-- What you need to do --
No pictures in the copy, please: retype all the records exactly.

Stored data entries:
********************

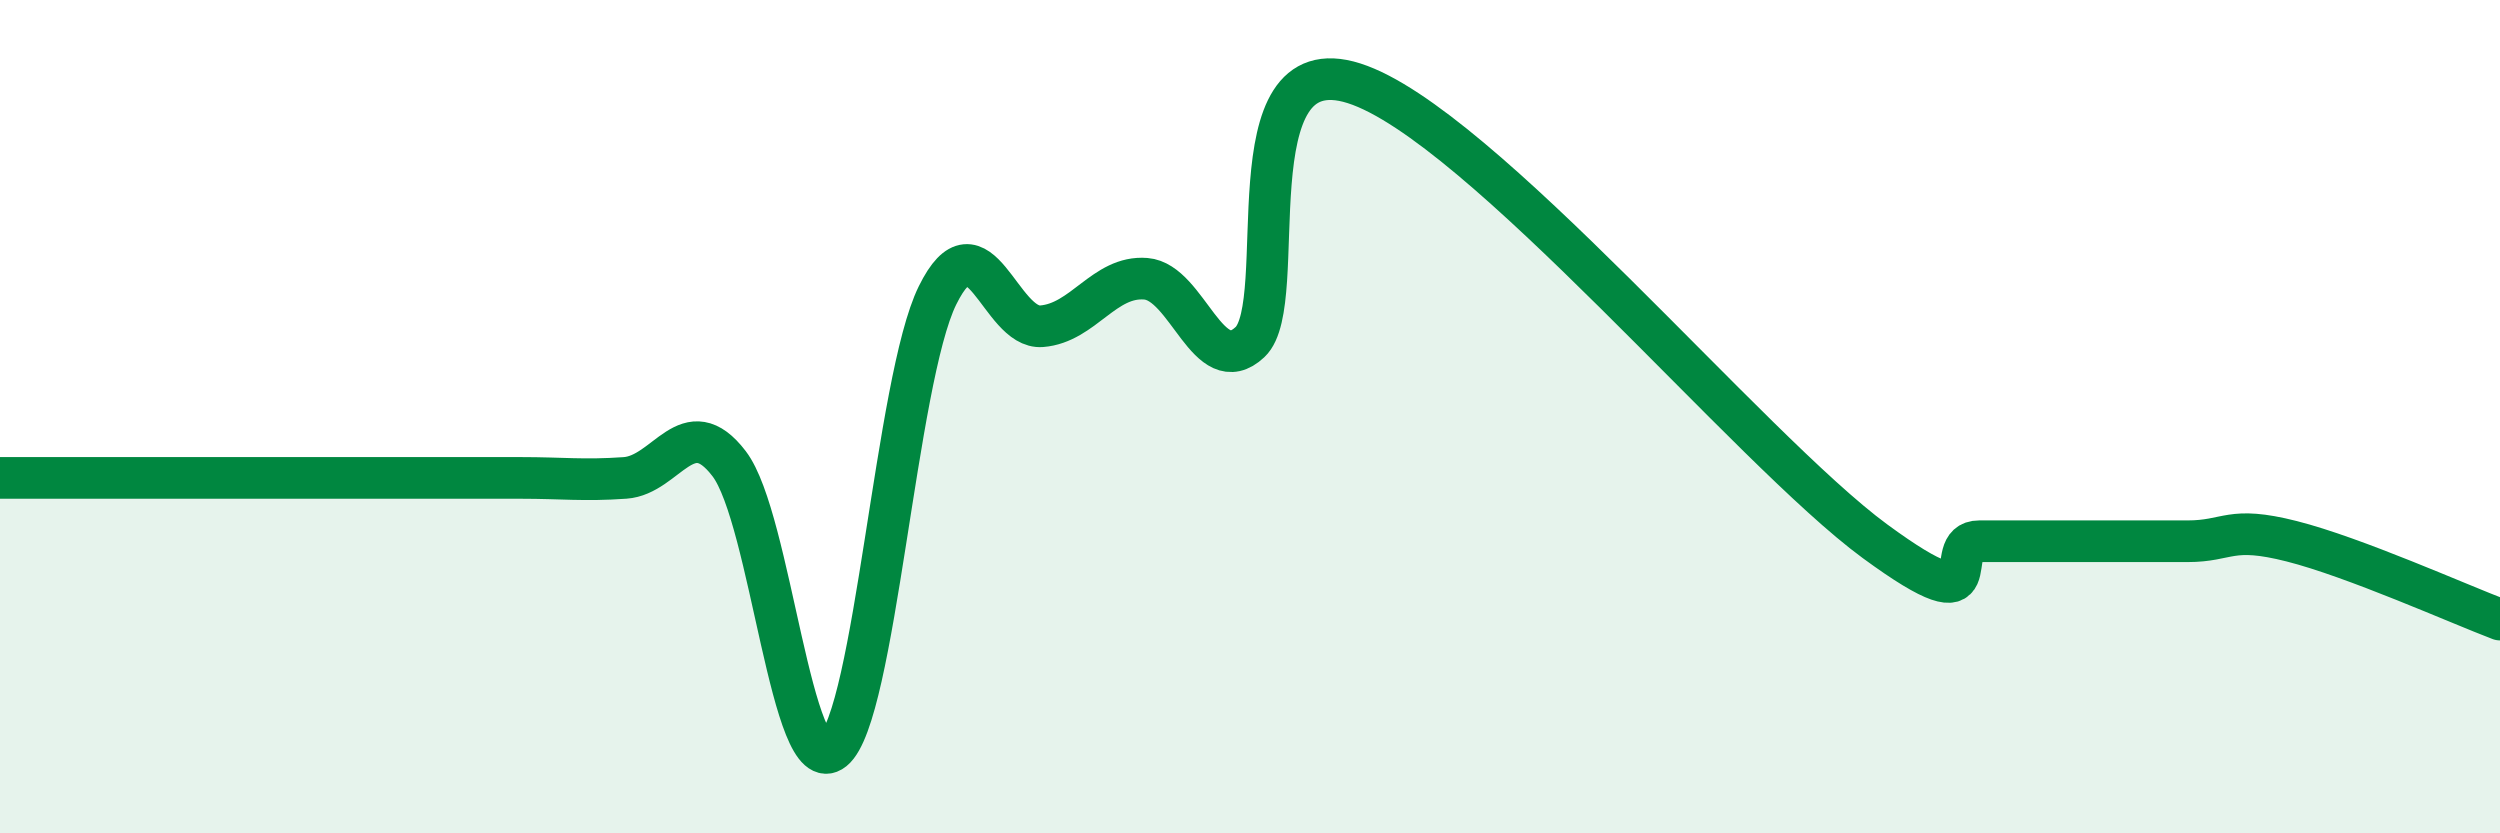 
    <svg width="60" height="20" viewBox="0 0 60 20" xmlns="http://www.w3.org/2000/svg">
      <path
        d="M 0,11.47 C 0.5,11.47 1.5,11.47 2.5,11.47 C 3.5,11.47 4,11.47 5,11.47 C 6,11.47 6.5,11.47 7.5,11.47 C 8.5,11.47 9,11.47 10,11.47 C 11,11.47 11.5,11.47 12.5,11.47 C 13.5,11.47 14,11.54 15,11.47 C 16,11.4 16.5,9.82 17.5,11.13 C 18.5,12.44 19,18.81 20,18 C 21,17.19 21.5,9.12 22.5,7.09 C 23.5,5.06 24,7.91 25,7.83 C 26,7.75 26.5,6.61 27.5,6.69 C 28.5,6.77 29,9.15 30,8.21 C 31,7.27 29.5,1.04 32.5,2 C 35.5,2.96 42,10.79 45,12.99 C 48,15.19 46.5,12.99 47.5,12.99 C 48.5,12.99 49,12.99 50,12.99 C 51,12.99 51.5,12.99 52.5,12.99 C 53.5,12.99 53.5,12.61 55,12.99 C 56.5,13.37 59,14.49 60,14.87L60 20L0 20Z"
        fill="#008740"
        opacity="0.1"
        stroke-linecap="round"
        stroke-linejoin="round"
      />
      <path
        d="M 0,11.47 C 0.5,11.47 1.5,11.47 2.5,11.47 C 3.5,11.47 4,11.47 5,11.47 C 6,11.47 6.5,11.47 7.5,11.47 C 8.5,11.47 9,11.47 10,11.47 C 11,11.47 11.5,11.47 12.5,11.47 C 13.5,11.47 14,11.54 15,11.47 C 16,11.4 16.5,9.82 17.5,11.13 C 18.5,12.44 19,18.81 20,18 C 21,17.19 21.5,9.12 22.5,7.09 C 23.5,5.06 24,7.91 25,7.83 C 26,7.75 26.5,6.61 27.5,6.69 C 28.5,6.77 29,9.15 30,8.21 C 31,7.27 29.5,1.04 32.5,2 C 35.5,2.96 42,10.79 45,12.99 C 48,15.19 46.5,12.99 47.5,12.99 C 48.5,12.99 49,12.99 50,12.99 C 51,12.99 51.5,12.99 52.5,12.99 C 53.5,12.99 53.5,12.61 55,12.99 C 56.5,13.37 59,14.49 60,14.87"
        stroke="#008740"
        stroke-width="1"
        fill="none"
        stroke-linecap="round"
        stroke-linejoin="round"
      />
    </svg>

********************

-- Result --
    <svg width="60" height="20" viewBox="0 0 60 20" xmlns="http://www.w3.org/2000/svg">
      <path
        d="M 0,11.47 C 0.5,11.47 1.5,11.47 2.5,11.47 C 3.5,11.47 4,11.47 5,11.47 C 6,11.47 6.5,11.47 7.5,11.47 C 8.5,11.47 9,11.47 10,11.47 C 11,11.47 11.5,11.47 12.5,11.47 C 13.5,11.47 14,11.54 15,11.47 C 16,11.4 16.5,9.82 17.5,11.13 C 18.5,12.44 19,18.81 20,18 C 21,17.19 21.5,9.12 22.5,7.09 C 23.5,5.06 24,7.91 25,7.83 C 26,7.75 26.5,6.61 27.5,6.69 C 28.5,6.77 29,9.15 30,8.21 C 31,7.27 29.5,1.04 32.5,2 C 35.5,2.96 42,10.79 45,12.99 C 48,15.19 46.5,12.99 47.5,12.99 C 48.5,12.99 49,12.99 50,12.99 C 51,12.99 51.5,12.99 52.5,12.99 C 53.5,12.99 53.5,12.61 55,12.99 C 56.5,13.37 59,14.49 60,14.87L60 20L0 20Z"
        fill="#008740"
        opacity="0.1"
        stroke-linecap="round"
        stroke-linejoin="round"
      />
      <path
        d="M 0,11.47 C 0.5,11.47 1.5,11.47 2.5,11.47 C 3.5,11.47 4,11.47 5,11.47 C 6,11.47 6.5,11.47 7.5,11.47 C 8.5,11.47 9,11.47 10,11.47 C 11,11.47 11.5,11.47 12.5,11.47 C 13.5,11.47 14,11.54 15,11.47 C 16,11.4 16.5,9.82 17.5,11.13 C 18.5,12.44 19,18.81 20,18 C 21,17.19 21.5,9.12 22.5,7.09 C 23.5,5.06 24,7.91 25,7.83 C 26,7.75 26.5,6.61 27.5,6.69 C 28.5,6.77 29,9.15 30,8.21 C 31,7.27 29.5,1.04 32.5,2 C 35.5,2.96 42,10.79 45,12.99 C 48,15.19 46.5,12.99 47.5,12.99 C 48.5,12.99 49,12.99 50,12.99 C 51,12.99 51.5,12.99 52.5,12.99 C 53.5,12.99 53.5,12.61 55,12.99 C 56.5,13.37 59,14.49 60,14.87"
        stroke="#008740"
        stroke-width="1"
        fill="none"
        stroke-linecap="round"
        stroke-linejoin="round"
      />
    </svg>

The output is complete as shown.